The most colorful outfit of the day was worn by Peggy LeGee — or as she preferred to be called this day, Traney Clause — who channeled Jim Morrison & the Doors with her poem “The End of the End.” Co-host Nancy Klepsch read an intricate prose/poem hybrid, a music memoir, about having faith in a dream. She was followed by another Nancy, Nancy Dunlop, whose piece was also a memoir, titled “Florida,” about learning about death through the death of one of aunt’s horses.
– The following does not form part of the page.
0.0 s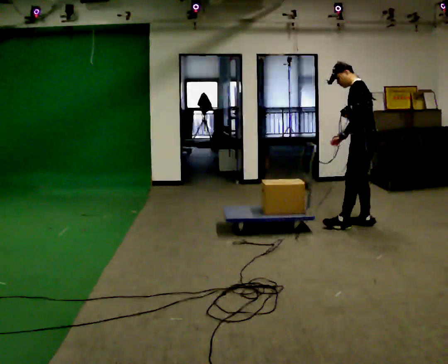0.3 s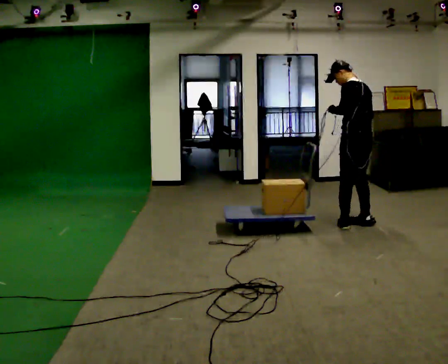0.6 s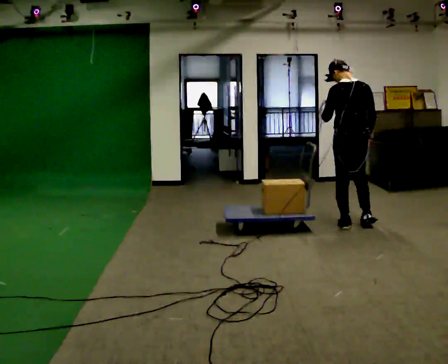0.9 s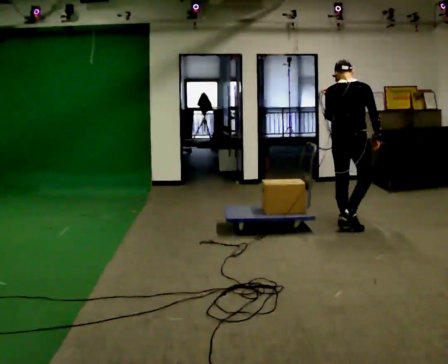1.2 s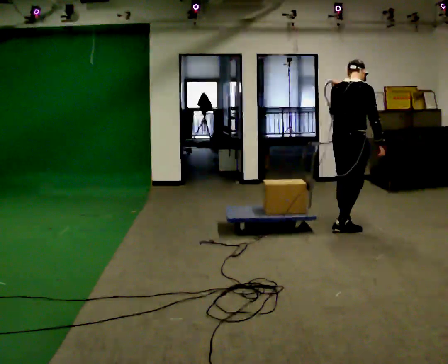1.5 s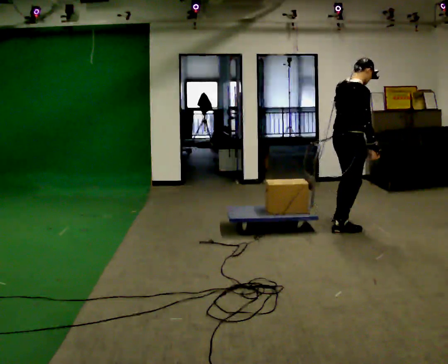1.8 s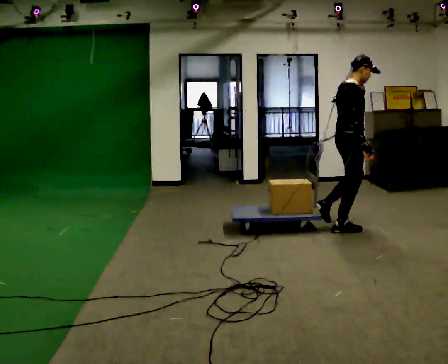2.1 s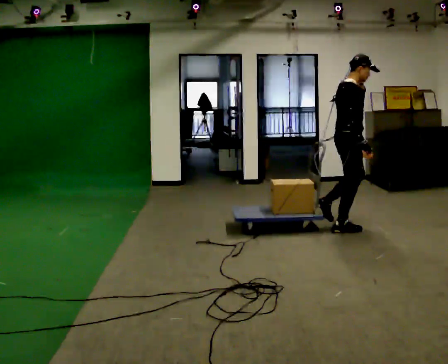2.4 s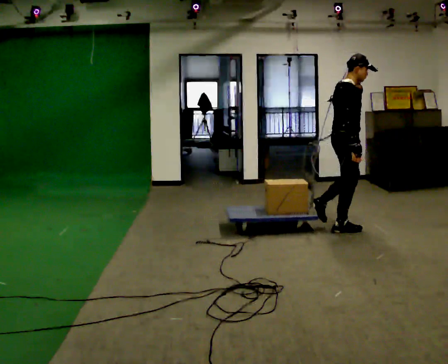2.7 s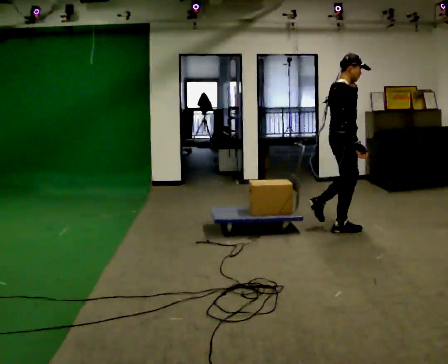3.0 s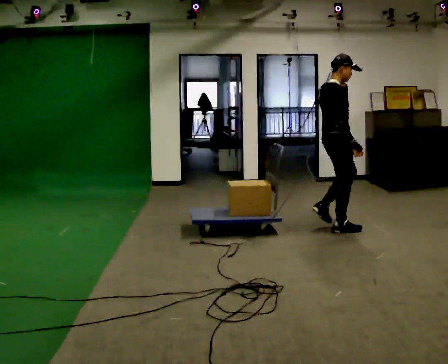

Jil Hanifan read the quietly philosophical poem “Turning a Wheel,” then from her book their agonizing speed (The Troy Book Makers, 2011) the Wintery “Snow Whales.
Harvey Havel read an excerpt from his latest novel The Wild Gypsy of Arbor Hill. Karen Fabiane read 2 new poems “Hey All You People Standing Around” & the perhaps hopeful “Good News is Coming.” Sally Rhoades read the elegy “My Mother” then an amusing piece about looking for her glasses while on a plane to Oklahoma “I Put It in a Place So I Wouldn’t Forget It.” Kate Gillespie ended the day (& this year at the Arts Center) with a childhood memoir about driving around looking at Xmas lights, “It’s Xmas Time in New Jersey.”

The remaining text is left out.